GIVEN DATA
==============================
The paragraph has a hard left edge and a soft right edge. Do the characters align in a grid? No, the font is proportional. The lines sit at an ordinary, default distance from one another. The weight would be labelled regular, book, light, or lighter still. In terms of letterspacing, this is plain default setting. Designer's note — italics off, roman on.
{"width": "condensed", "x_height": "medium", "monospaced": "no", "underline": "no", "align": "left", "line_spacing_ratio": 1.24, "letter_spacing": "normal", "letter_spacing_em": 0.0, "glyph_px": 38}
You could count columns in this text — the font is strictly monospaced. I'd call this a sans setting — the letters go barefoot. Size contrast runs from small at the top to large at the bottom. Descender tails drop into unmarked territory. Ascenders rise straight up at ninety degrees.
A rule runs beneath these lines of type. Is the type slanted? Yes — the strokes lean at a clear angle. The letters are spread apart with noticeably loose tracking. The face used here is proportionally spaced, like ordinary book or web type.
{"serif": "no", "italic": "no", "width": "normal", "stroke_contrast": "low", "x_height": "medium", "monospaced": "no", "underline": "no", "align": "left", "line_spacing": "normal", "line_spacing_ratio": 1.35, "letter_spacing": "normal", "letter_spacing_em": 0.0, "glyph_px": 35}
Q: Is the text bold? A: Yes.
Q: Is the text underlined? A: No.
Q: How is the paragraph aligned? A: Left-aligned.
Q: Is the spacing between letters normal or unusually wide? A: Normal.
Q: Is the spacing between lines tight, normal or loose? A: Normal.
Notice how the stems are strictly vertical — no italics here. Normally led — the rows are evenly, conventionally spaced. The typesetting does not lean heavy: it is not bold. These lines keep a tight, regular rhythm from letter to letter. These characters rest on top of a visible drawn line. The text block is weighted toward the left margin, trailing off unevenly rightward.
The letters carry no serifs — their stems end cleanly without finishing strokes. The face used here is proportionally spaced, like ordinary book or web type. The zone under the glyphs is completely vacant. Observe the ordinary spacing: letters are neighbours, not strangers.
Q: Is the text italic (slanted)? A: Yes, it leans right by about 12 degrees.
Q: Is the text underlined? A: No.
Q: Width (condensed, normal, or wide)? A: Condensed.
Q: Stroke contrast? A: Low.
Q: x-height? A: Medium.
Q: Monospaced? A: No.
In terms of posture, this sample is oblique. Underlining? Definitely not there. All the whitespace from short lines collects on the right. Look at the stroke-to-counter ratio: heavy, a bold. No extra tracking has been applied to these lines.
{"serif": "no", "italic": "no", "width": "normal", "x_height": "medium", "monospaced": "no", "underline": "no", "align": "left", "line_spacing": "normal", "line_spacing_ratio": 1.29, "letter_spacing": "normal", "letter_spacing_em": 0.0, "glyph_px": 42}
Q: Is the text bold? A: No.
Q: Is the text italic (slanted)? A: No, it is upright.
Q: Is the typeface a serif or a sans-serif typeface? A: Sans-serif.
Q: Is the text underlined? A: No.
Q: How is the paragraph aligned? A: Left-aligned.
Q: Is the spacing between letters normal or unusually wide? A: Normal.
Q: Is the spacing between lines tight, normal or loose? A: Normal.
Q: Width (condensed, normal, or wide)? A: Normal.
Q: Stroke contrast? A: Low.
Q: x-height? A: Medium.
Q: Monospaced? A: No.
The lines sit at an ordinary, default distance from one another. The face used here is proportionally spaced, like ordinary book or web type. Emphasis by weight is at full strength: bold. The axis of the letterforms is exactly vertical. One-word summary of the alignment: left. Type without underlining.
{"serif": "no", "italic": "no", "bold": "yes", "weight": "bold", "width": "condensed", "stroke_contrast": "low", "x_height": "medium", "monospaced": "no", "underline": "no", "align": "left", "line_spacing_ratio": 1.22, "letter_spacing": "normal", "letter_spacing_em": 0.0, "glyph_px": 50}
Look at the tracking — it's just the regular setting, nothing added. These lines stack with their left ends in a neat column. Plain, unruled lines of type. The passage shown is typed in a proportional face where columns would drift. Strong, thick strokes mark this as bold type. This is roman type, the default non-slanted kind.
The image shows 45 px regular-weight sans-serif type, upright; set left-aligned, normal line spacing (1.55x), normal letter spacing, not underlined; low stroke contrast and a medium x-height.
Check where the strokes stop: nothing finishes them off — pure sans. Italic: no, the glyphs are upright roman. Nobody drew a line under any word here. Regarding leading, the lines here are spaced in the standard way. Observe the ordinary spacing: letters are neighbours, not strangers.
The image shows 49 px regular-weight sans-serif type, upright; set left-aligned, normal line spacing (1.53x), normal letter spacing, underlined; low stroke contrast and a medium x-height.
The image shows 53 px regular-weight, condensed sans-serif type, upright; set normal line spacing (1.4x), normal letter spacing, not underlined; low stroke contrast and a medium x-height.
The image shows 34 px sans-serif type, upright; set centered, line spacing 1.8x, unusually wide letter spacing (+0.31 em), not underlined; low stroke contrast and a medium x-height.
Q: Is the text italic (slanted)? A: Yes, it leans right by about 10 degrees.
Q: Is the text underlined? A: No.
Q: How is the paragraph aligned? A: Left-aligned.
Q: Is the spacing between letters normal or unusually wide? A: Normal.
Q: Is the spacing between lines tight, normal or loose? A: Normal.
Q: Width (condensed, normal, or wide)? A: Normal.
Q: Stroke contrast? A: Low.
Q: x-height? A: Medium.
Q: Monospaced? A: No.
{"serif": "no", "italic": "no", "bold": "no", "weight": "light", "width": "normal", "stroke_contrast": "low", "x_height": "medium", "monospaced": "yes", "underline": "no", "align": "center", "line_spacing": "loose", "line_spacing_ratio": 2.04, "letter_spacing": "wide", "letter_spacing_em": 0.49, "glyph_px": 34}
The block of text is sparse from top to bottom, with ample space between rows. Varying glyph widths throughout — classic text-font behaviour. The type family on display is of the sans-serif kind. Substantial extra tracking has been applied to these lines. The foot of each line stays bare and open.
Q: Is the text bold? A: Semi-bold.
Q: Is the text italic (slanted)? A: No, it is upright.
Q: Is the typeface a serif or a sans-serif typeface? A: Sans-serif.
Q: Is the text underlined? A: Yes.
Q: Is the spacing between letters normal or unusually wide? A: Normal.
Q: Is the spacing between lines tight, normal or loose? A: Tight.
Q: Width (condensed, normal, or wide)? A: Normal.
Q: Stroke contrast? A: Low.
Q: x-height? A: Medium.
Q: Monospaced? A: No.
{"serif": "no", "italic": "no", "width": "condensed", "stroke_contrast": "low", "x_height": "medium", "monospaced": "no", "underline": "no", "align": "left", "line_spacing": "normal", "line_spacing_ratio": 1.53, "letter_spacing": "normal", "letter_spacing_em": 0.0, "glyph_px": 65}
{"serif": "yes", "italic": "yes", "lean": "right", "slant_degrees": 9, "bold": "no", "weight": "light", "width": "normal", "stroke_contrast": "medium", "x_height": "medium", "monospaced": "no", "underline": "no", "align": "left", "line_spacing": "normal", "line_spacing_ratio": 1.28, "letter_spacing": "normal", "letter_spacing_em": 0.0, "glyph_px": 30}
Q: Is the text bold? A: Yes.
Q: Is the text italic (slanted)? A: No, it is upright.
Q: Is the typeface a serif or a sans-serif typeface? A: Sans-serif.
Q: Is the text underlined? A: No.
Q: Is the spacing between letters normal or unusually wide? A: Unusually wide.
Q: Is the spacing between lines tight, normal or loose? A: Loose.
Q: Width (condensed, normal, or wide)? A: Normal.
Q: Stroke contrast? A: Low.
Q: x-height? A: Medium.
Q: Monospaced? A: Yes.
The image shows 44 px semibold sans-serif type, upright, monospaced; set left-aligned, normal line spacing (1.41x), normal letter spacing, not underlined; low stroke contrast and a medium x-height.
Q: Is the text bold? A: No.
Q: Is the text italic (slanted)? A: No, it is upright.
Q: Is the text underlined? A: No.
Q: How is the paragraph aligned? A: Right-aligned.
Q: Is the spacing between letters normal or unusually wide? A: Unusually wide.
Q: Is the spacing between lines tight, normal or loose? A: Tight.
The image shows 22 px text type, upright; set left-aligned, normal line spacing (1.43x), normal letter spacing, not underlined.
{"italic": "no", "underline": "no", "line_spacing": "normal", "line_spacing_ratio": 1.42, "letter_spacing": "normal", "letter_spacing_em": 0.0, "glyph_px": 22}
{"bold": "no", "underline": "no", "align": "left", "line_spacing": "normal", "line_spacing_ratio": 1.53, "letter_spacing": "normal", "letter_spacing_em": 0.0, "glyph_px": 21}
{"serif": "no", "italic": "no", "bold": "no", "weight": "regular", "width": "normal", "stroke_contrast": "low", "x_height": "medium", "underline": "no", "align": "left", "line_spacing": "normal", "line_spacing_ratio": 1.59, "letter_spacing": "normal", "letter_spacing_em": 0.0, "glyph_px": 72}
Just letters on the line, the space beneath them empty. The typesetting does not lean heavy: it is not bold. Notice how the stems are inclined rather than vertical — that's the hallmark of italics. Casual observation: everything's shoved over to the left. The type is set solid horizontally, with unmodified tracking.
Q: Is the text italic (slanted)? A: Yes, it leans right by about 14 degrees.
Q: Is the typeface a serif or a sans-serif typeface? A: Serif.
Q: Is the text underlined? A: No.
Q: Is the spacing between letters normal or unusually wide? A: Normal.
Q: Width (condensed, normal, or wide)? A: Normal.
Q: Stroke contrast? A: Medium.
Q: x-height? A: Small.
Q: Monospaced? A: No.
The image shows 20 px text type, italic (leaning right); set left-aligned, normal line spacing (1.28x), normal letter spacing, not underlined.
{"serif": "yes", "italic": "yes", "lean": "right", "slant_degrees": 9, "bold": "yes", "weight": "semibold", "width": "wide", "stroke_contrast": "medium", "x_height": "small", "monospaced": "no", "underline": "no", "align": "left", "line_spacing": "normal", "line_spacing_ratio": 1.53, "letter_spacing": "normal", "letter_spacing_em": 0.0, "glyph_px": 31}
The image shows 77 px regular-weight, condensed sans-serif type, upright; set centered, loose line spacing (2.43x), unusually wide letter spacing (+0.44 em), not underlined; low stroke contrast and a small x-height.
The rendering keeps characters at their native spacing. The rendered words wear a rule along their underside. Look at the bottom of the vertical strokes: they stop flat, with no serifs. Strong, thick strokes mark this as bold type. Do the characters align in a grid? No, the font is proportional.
==============================
EXERCISE DETAILS
Scan the entries above and show each line that contains the word "runs".

EXERCISE RESULT
You could count columns in this text — the font is strictly monospaced. I'd call this a sans setting — the letters go barefoot. Size contrast runs from small at the top to large at the bottom. Descender tails drop into unmarked territory. Ascenders rise straight up at ninety degrees.
A rule runs beneath these lines of type. Is the type slanted? Yes — the strokes lean at a clear angle. The letters are spread apart with noticeably loose tracking. The face used here is proportionally spaced, like ordinary book or web type.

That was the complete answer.